Your output must be the line containing "The person turns. The" followed by every later line in the entries below, all copied exactly.

Dataset items →
———
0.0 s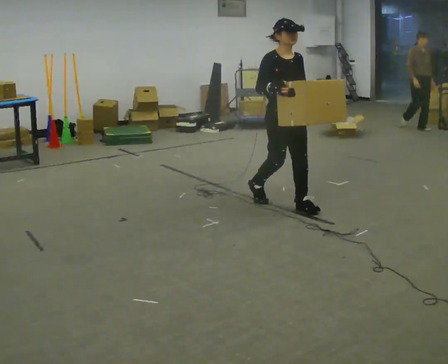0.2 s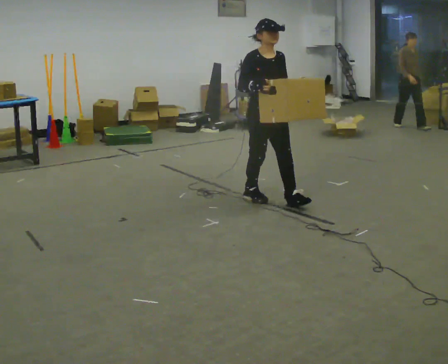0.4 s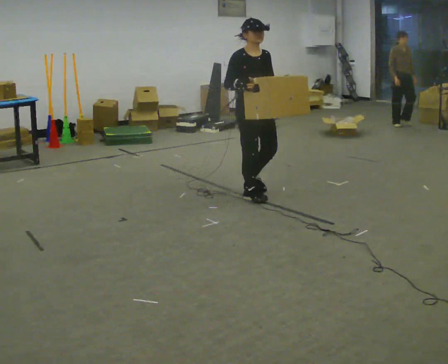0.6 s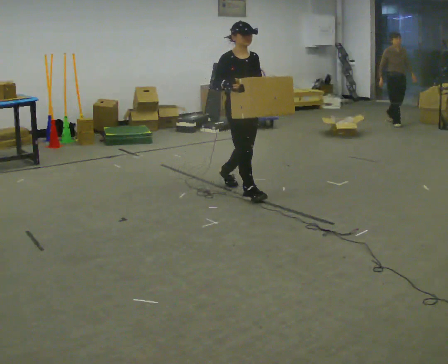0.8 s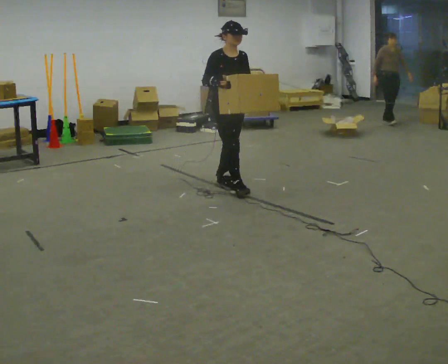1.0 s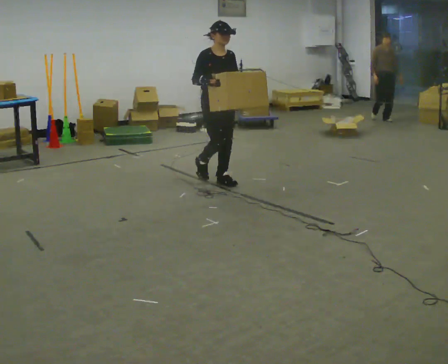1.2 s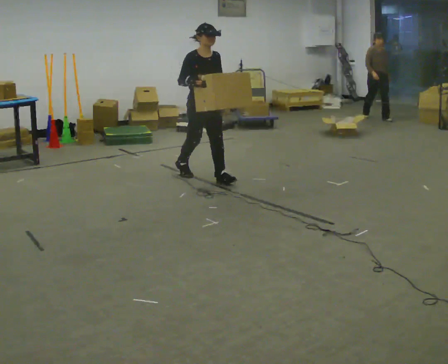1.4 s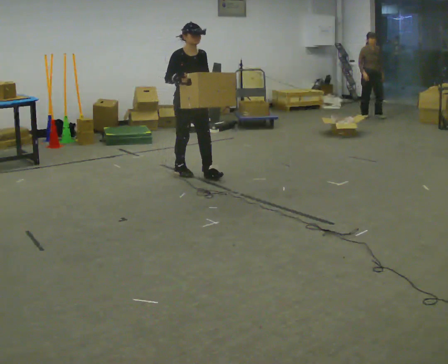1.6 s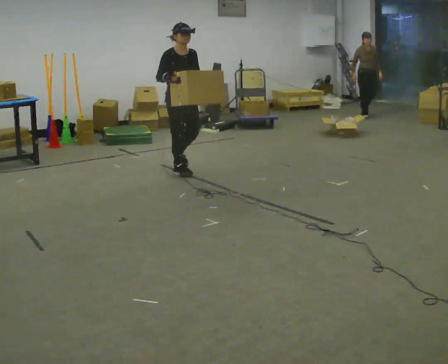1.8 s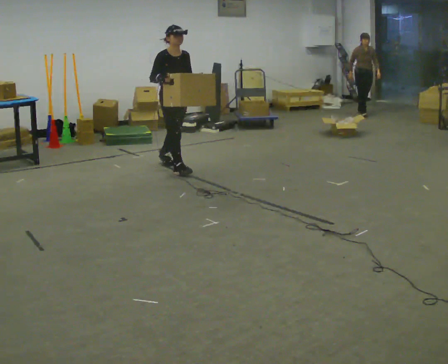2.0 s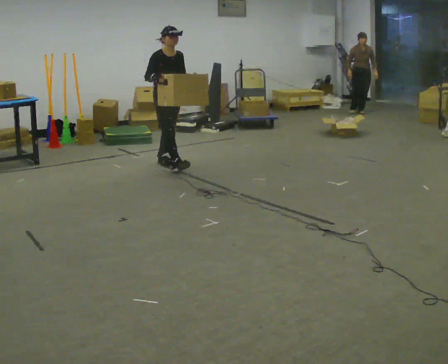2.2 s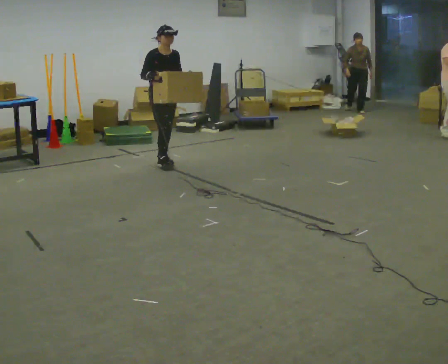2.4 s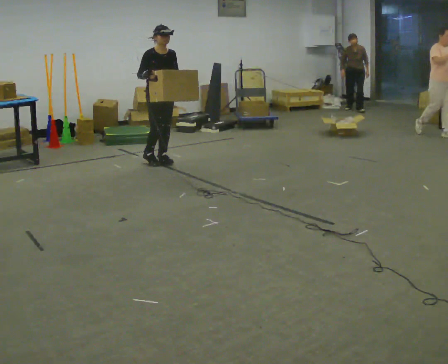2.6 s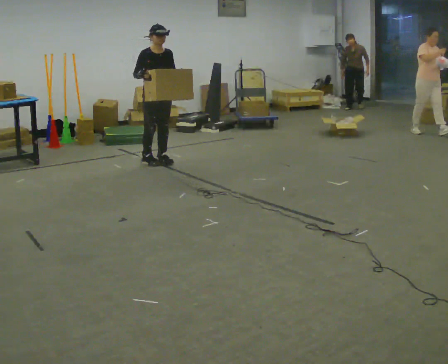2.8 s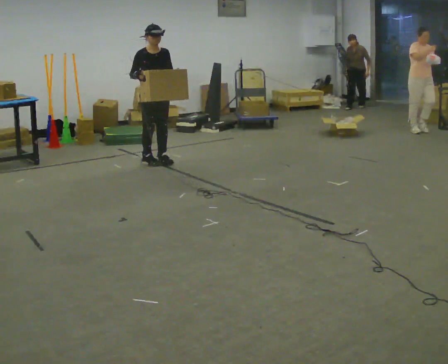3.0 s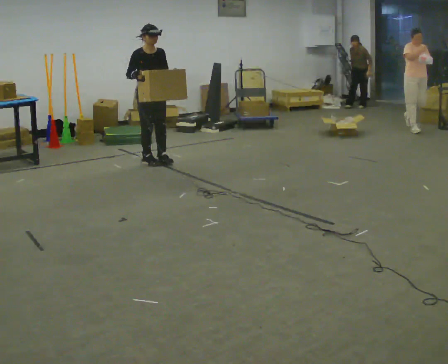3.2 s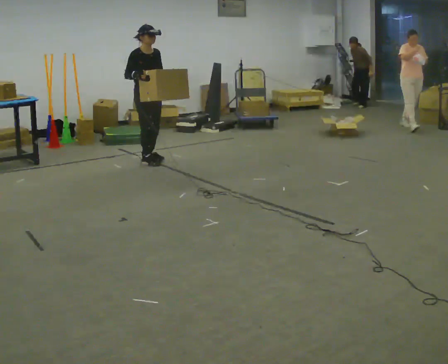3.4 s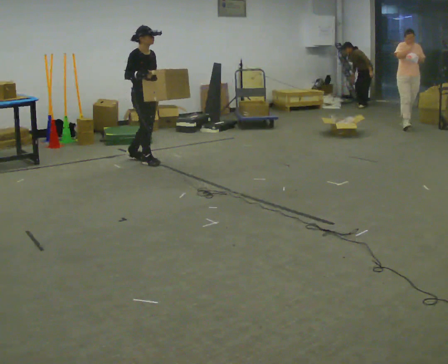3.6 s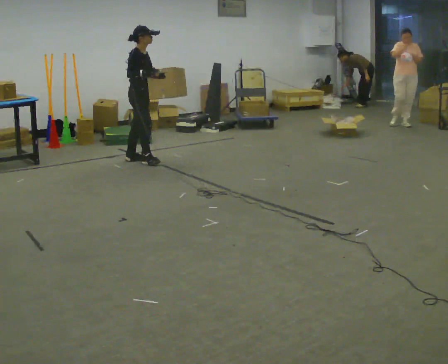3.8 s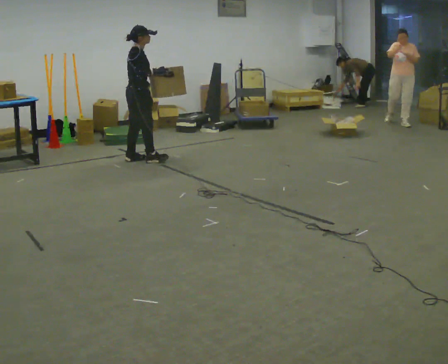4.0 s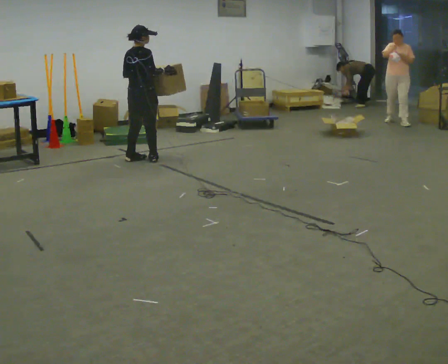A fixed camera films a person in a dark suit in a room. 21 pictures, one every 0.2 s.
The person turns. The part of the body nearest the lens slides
to the right.
The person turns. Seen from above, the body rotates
counterclockwise.
0.0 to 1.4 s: In the picture they go away from the camera and to the left, about 1 m in 3 steps, which for them is backward.
1.4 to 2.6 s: In the picture they go away from the camera and to the left, about 0.75 m in 1 step, which for them is backward.
2.6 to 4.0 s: Seen from above the body turns counterclockwise, about 105 degrees: to their left, with its near side sliding to the right. In the picture they go to the left, about 0.25 m in 1 step.
The film runs backward here.
———
Final answer →
The person turns. The part of the body nearest the lens slides
to the right.
The person turns. Seen from above, the body rotates
counterclockwise.
0.0 to 1.4 s: In the picture they go away from the camera and to the left, about 1 m in 3 steps, which for them is backward.
1.4 to 2.6 s: In the picture they go away from the camera and to the left, about 0.75 m in 1 step, which for them is backward.
2.6 to 4.0 s: Seen from above the body turns counterclockwise, about 105 degrees: to their left, with its near side sliding to the right. In the picture they go to the left, about 0.25 m in 1 step.
The film runs backward here.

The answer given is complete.